Fernando Galrito: A animação experimental marcará também presença na MONSTRA. Este ano o maior festival de arte eletrónica do mundo apresenta-nos  o Electronic Theatre, uma sessão que inclui algumas das melhores obras de animação da edição de 2021 selecionadas pelo júri, produções que se caracterizam por combinarem os seus conteúdos artísticos com a inovação cultural e tecnológica. A sessão será apresentada por Jurgen Hagler, investigador, professor universitário e curador que em 2017 assumiu a direção do Ars Electronica Animation Festival. De entre as quatro curtas que constituem o programa, destacamos When the Sea Sends Forth a Forest de Guangli Liu, o vencedor do prémio principal, o Golden Nica, que aborda a história esquecida da comunidade chinesa do Camboja, que foi perseguida, expulsa e morta pelos Khmer Vermelho. A sessão será precedida por uma masterclass de animação expandida apresentada por Jurgen Hagler.
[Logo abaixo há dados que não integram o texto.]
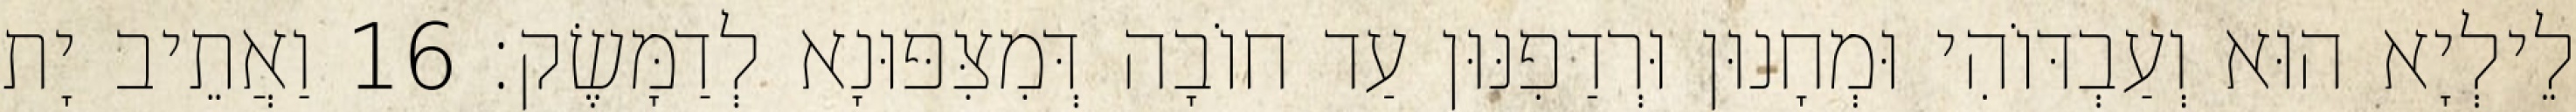
לֵילְיָא הוּא וְעַבְדּוֹהִי וּמְחָנוּן וּרְדַפִנּוּן עַד חוֹבָה דְּמִצִּפּוּנָא לְדַמָּשֶׂק׃ 16 וַאֲתֵיב יָת
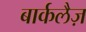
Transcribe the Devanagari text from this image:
बार्कलैज़
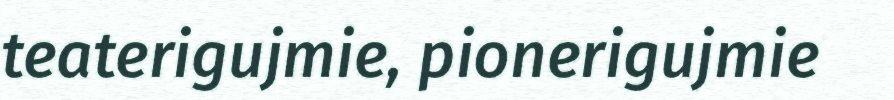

Na sua relação com a transversalidade artística e criativa, a UNLOOP uma empresa portuguesa especialista em Realidade Aumentada criou para MONSTRA um jogo onde todos, em qualquer parte do globo, podem criar um espaço cénico MONSTRA com personagens do festival e do país convidado, e depois fotografar-se nesse espaço cênico. Depois enviar a amigos e à MONSTRA. Os melhores trabalhos serão premiados com bilhetes para o festival. Podem descarregar a APP A MINHA MONSTRA nas lojas android e apple e jogar.